Exercise input below:

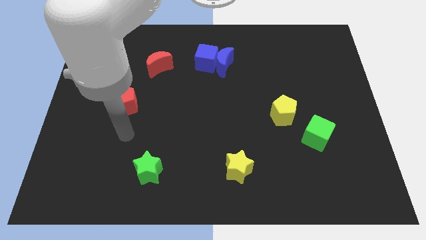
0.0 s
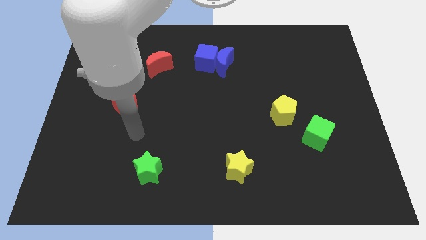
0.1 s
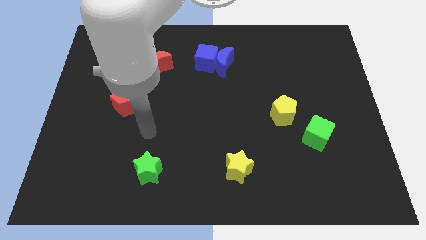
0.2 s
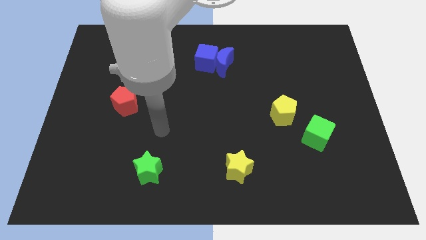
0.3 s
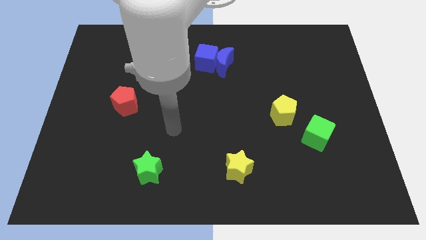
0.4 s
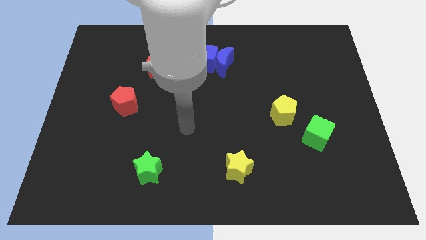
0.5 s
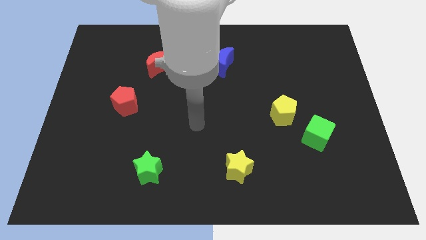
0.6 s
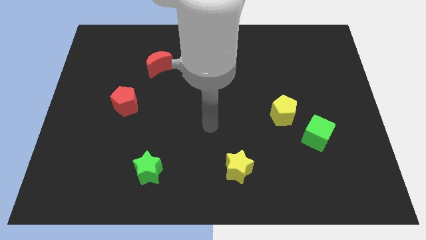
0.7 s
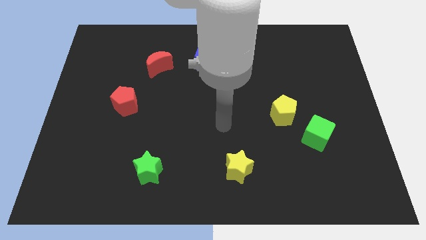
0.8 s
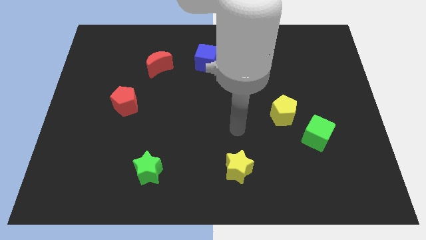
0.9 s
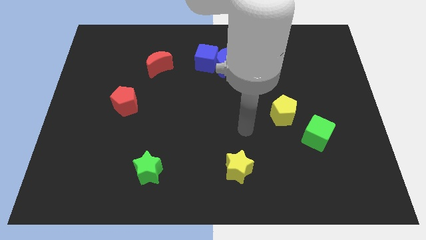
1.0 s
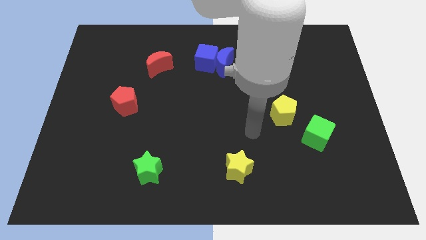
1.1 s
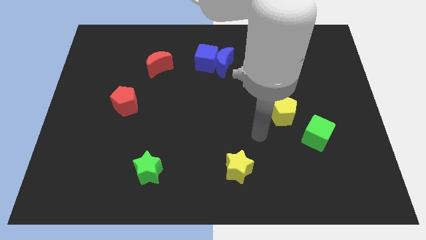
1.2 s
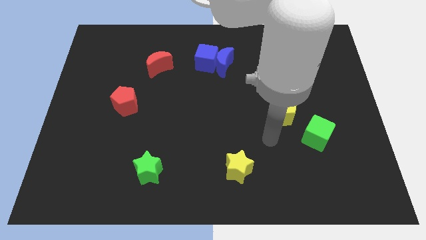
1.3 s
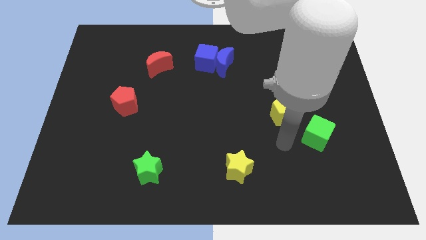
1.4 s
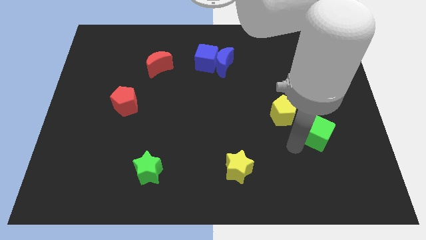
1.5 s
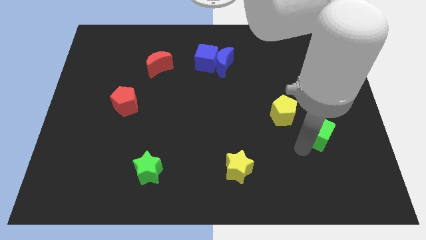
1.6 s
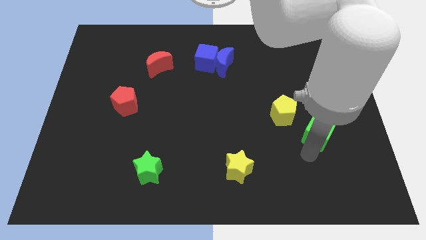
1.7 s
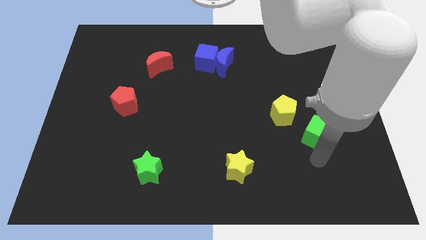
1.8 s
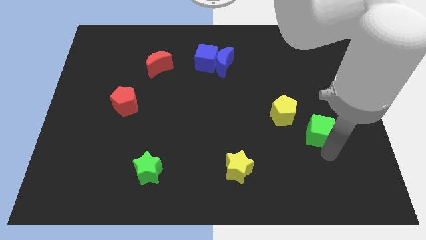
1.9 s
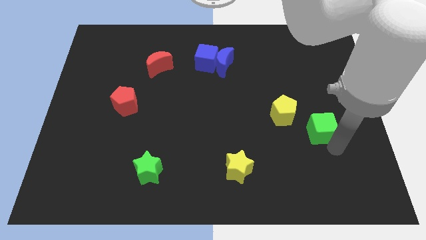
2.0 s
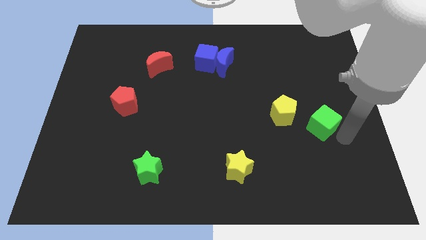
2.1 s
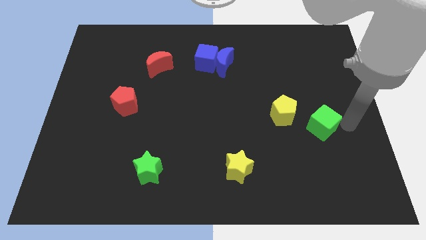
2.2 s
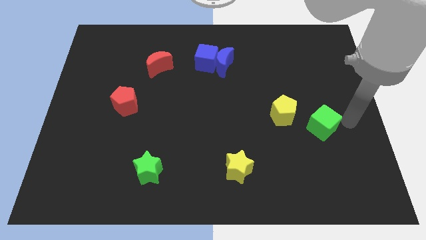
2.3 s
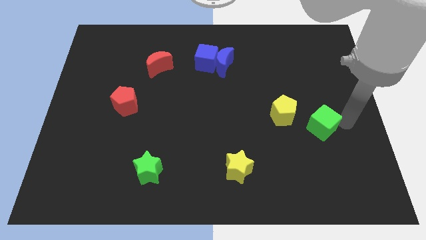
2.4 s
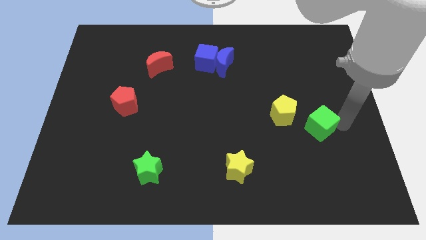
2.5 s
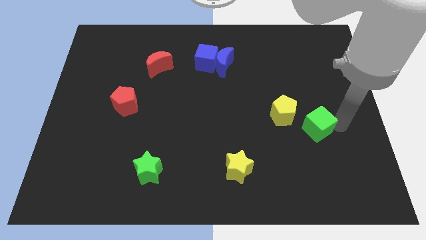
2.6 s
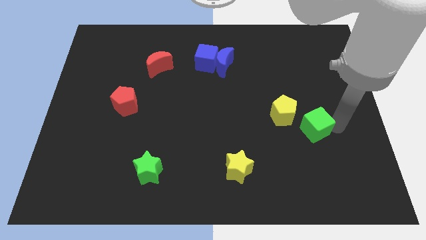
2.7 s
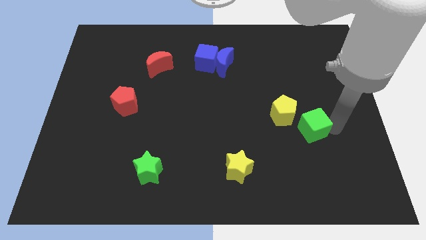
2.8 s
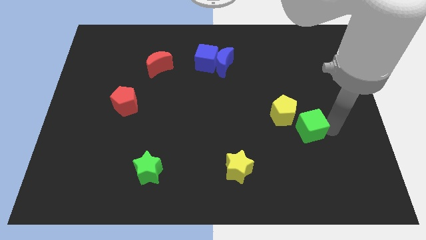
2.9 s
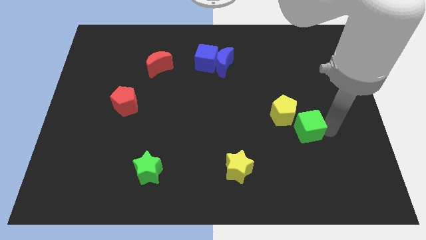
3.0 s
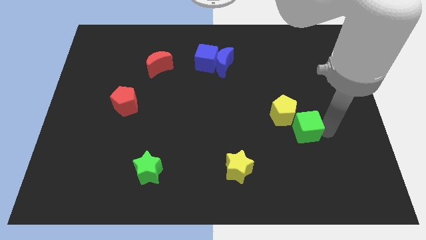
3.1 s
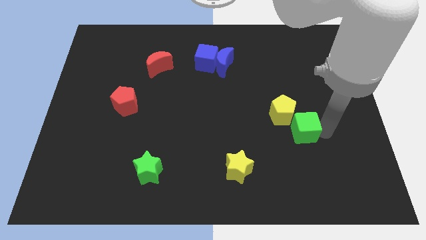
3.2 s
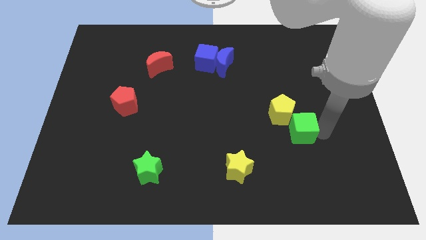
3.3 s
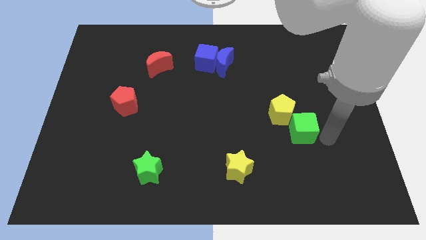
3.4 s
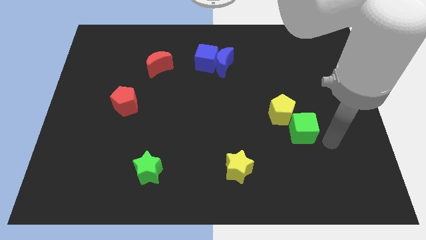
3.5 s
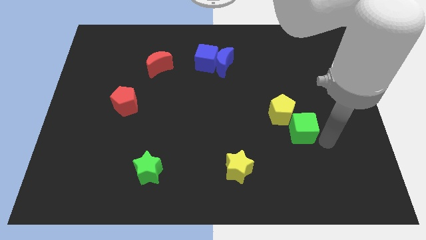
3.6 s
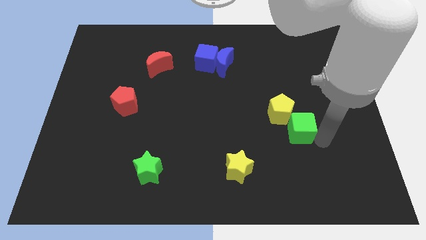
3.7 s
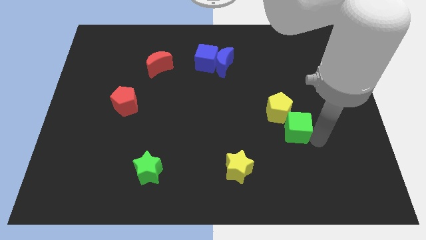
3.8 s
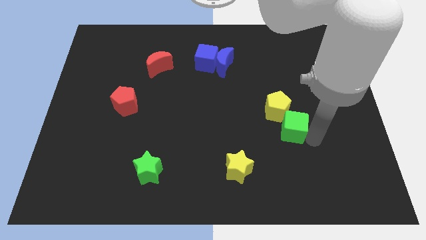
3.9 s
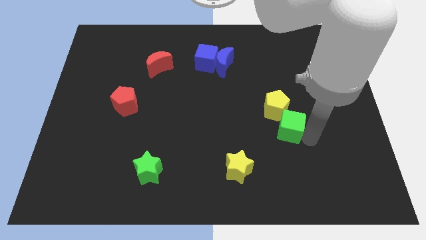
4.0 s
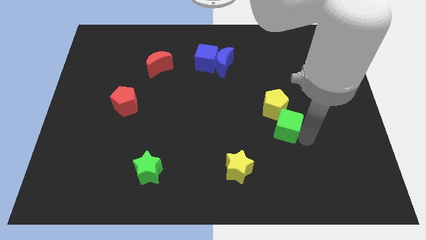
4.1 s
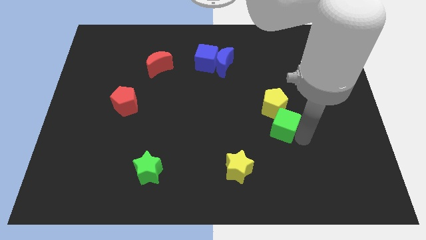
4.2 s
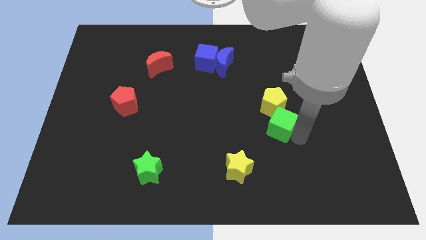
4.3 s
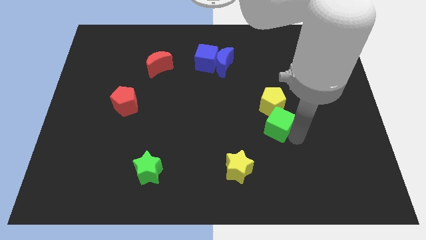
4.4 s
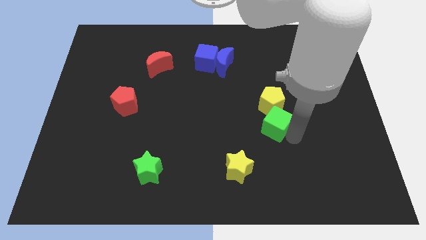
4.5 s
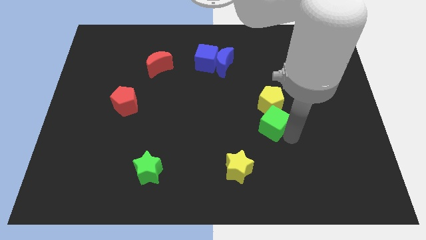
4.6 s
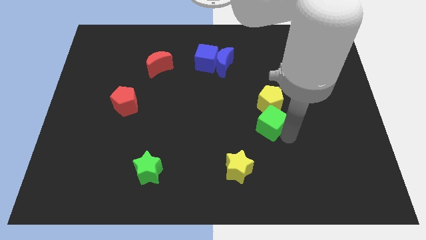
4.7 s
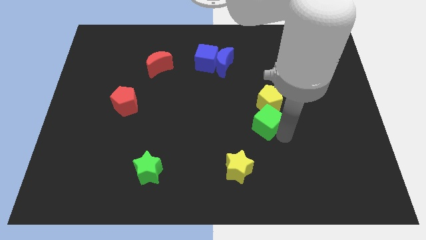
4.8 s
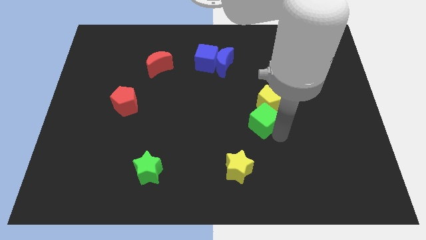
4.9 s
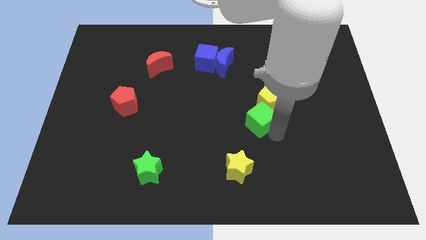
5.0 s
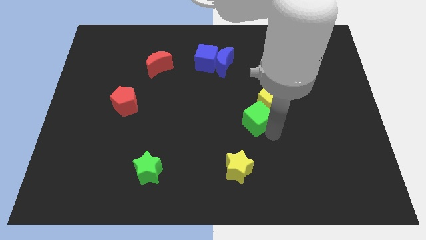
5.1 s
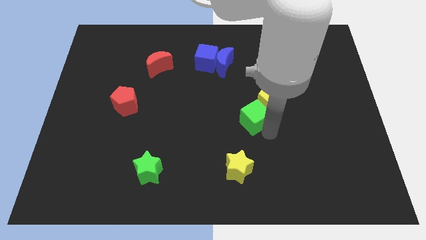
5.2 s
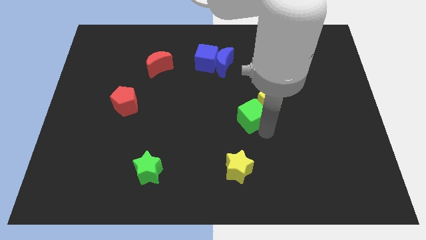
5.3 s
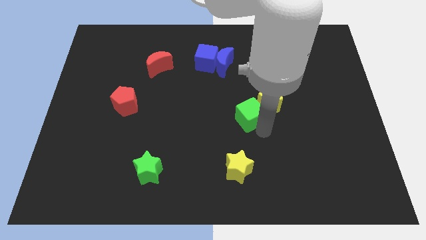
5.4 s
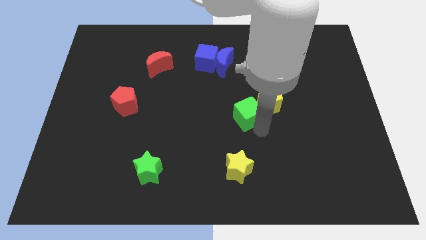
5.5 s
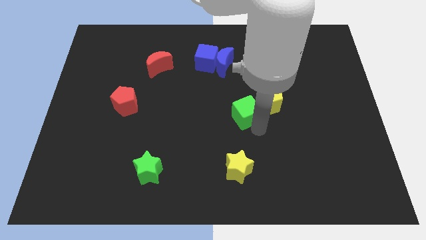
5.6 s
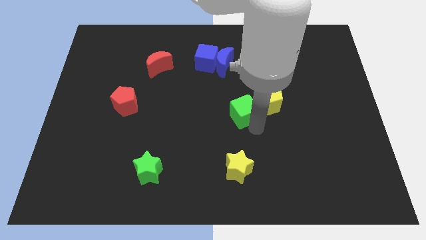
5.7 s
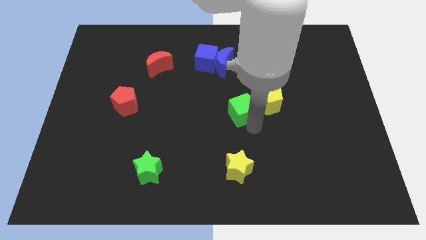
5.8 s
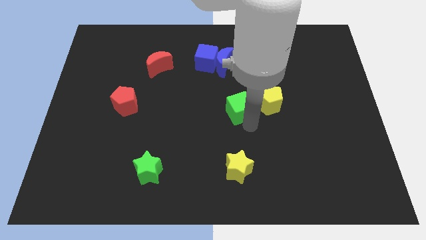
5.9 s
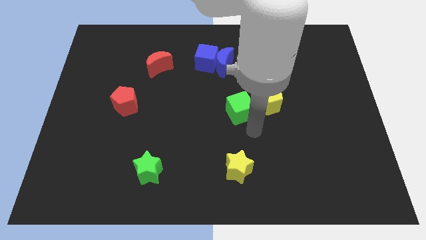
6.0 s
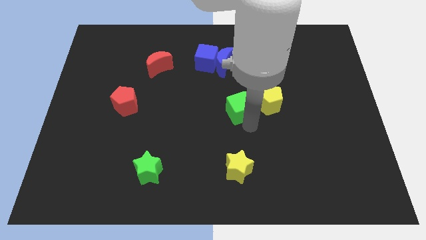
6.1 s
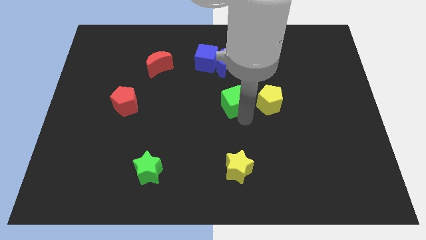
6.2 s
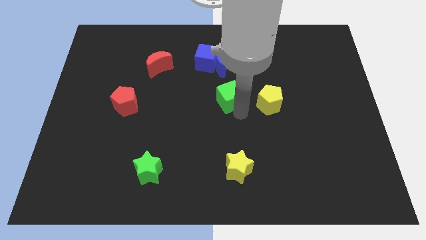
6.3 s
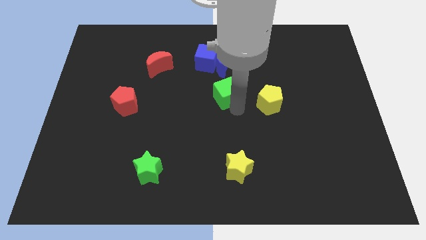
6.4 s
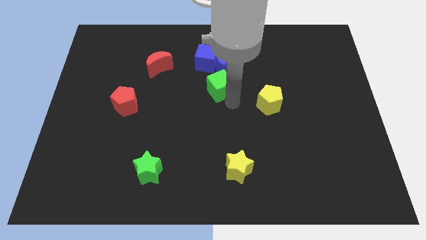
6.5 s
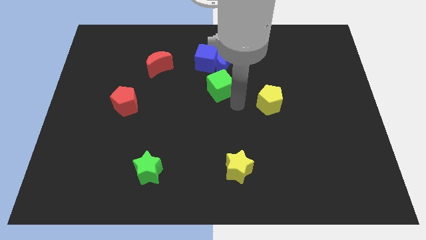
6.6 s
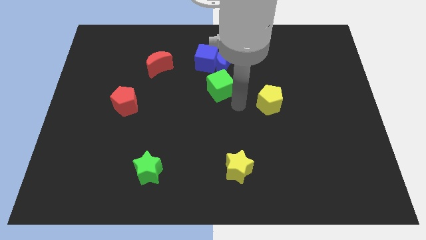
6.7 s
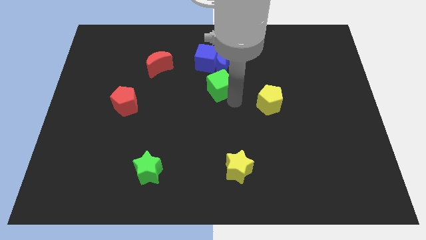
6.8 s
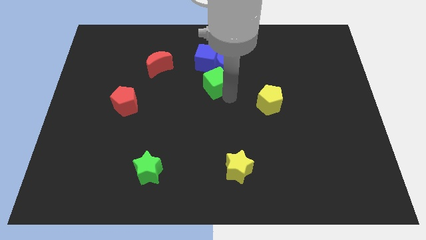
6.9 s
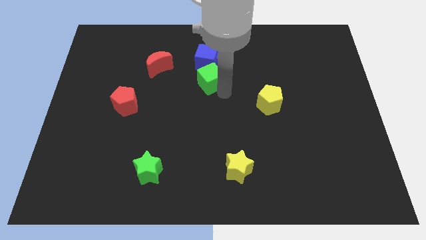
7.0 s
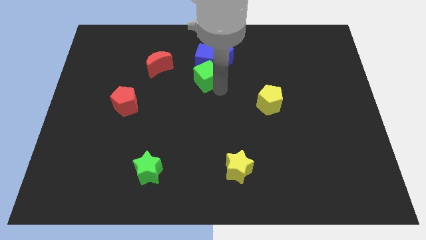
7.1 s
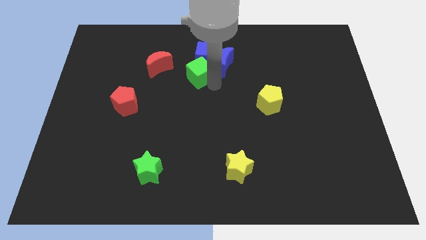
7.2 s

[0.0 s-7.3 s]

End of Exercise input.

Task details — Without the pictures, restate all the entries above exactly.

Written solution —
0.0 s
0.1 s
0.2 s
0.3 s
0.4 s
0.5 s
0.6 s
0.7 s
0.8 s
0.9 s
1.0 s
1.1 s
1.2 s
1.3 s
1.4 s
1.5 s
1.6 s
1.7 s
1.8 s
1.9 s
2.0 s
2.1 s
2.2 s
2.3 s
2.4 s
2.5 s
2.6 s
2.7 s
2.8 s
2.9 s
3.0 s
3.1 s
3.2 s
3.3 s
3.4 s
3.5 s
3.6 s
3.7 s
3.8 s
3.9 s
4.0 s
4.1 s
4.2 s
4.3 s
4.4 s
4.5 s
4.6 s
4.7 s
4.8 s
4.9 s
5.0 s
5.1 s
5.2 s
5.3 s
5.4 s
5.5 s
5.6 s
5.7 s
5.8 s
5.9 s
6.0 s
6.1 s
6.2 s
6.3 s
6.4 s
6.5 s
6.6 s
6.7 s
6.8 s
6.9 s
7.0 s
7.1 s
7.2 s

[0.0 s-7.3 s]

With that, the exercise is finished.